CONSOLIDATED AND NON-SEGMENT RESULTS

The second quarter and six-month consolidated and non-segment results for 2016 and 2015 are summarized as follows:

      Quarter Ended       Six Months Ended
            % Change             % Change
(Dollars in thousands)

June 30,
2016

June 30,
2015

Favorable/
(Unfavorable)

June 30,
2016

June 30,
2015

Favorable/
(Unfavorable)
Segment operating income $ 11,123 $ 14,786 (25 ) % $ 20,901 $ 23,414 (11 ) %
Non-segment income and expenses:
General and administrative expense (4,935 ) (4,236 ) (17 ) % (9,925 ) (7,562 ) (31 ) %
Interest expense, net (1,762 ) (1,601 ) (10 ) % (3,636 ) (4,176 ) 13 %
Gain on sale of assets - 8,201 (100 ) % 393 11,023 (96 ) %
Other   159     420   62 %   310     497   (38 ) %
Total non-segment income and expenses $ (6,538 ) $ 2,784 nm % $ (12,858 ) $ (218 ) nm %
Income before income taxes 4,585 17,570 (74 ) % 8,043 23,196 (65 ) %
Income tax expense   (1,663 )   (1,564 ) (6 ) %   (2,894 )   (4,088 ) 29 %
Net income $ 2,922 $ 16,006 (82 ) % $ 5,149 $ 19,108 (73 ) %
Net loss attributable to noncontrolling interests   48     (9 ) nm %   50     7   nm %
Net income attributable to RDI common stockholders $ 2,970   $ 15,997   (81 ) % $ 5,199   $ 19,115   (73 ) %
 

Second Quarter Results

Net income attributable to RDI common stockholders for the second quarter 2016 decreased by 81%, or $13.0 million, to $3.0 million, mainly attributable to a 2015 one-time gain on sale of $8.0 million from our Moonee Ponds property in Australia and weaker admissions and concessions revenues primarily related to a weaker film slate from the major studios compared to the 2015 record box office, in addition to currency effects on Foreign Operations.

General and administrative expense for the three-month period ended June 30, 2016 increased by 17%, or $699,000, to $4.9 million. The ongoing expenses associated with the defense of the derivative litigation and the additional accounting and consulting expenses in connection with the 2015 year-end audit, which we do not expect to continue in 2017, drove the higher general and administrative expenses. While one of the two derivative suits has been withdrawn, the derivative claims by Mr. James J. Cotter, Jr. continue. This derivative matter is currently scheduled for trial in November 2016.
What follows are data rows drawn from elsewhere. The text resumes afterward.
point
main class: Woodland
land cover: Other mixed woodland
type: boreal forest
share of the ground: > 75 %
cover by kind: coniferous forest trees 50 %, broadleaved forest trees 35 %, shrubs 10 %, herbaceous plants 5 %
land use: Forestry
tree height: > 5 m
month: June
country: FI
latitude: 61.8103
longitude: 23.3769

Interest expense for the three months ended June 30, 2016 decreased by 8%, or $147,000, to $1.8 million, and interest income for the same period decreased by $308,000. The decrease in interest expense is due to reduction in our average interest rates mainly driven by our Australian loan facility, offset by the effect of additional borrowings, which was used to finance the purchase of the new LA corporate office. The higher interest income in 2015 was due to significant cash balances of almost $69.6 million as of June 30, 2015, which were subsequently used to finance capital expenditures and pay down borrowings.

Six Months Results

Net income attributable to RDI common stockholders for the six months ended June 30, 2016 decreased by 73%, or $13.9 million, to $5.2 million, mainly attributable to a one-time gain on sale of our Moonee Ponds investment property in 2015 and currency weakening on Foreign Operations.
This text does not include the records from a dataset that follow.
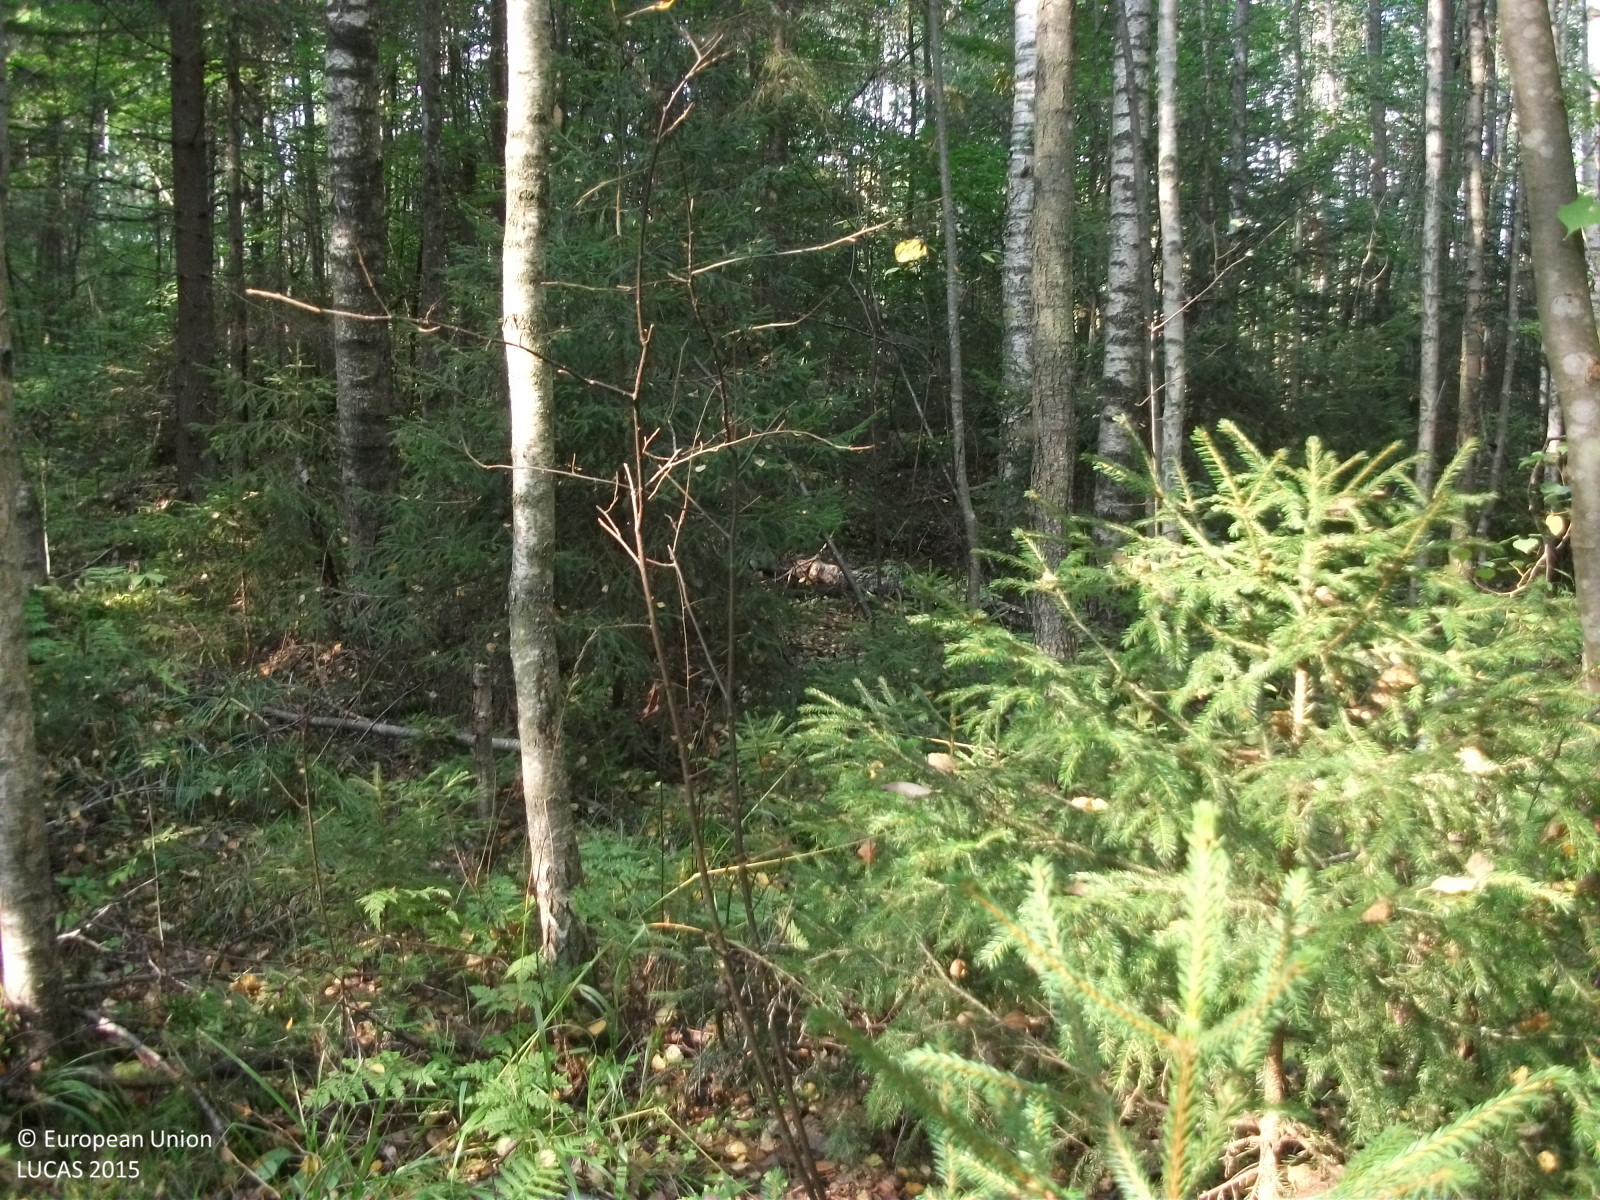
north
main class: Woodland
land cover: Spruce dominated mixed woodland
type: hemiboreal forest and nemoral coniferous forest and mixed broadleaved-coniferous forest
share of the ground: > 75 %
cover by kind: coniferous forest trees 50 %, broadleaved forest trees 30 %, herbaceous plants 10 %, shrubs 5 %, unconsolidated bare surface 5 %
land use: Forestry
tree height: > 5 m
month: September
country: LV
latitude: 57.8105
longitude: 24.5132

General and administrative expense for the six months ended June 30, 2016 increased by 31%, or $2.4 million, compared to the same period a year ago. The ongoing expenses associated with the defense of the derivative litigation and non-recurring expenses incurred due to change in status of certain executives and the additional accounting and consulting expenses in connection with the 2015 year-end audit, which we do not expect to continue in 2017, drove the higher general and administrative expenses.

Interest expense for the six months ended June 30, 2016 decreased by 21%, or $1.0 million, to $3.7 million, and interest income for the same period decreased by $466,000. The decrease in interest expense is due to reduction in our average interest rates mainly driven by our Australian loan facility, offset by the effect of additional borrowings, which was used to finance the purchase of the new LA corporate office. The higher interest income in 2015 was due to significant cash balance of almost $69.6 million as of June 30, 2015, which was subsequently used to finance capital expenditures and pay down borrowings.

OTHER FINANCIAL INFORMATION

Balance Sheet and Liquidity

Total assets increased to $383.2 million at June 30, 2016 compared to $373.3 million at December 31, 2015, primarily driven by an increase in our properties due to the acquisition of the new corporate headquarters in Los Angeles, costs relating to the re-development of our Union Square property in New York and amounts expended to enhance the amenities in our cinemas, offset by the reduction in cash balances.

Cash and cash equivalents at June 30, 2016 were $9.6 million, including $5.0 million in the U.S., $2.8 million in Australia and $1.8 million in New Zealand. At June 30, 2016, all $9.6 million of available cash worldwide was unrestricted by loan covenants, in addition to the unused capacity of our credit facilities.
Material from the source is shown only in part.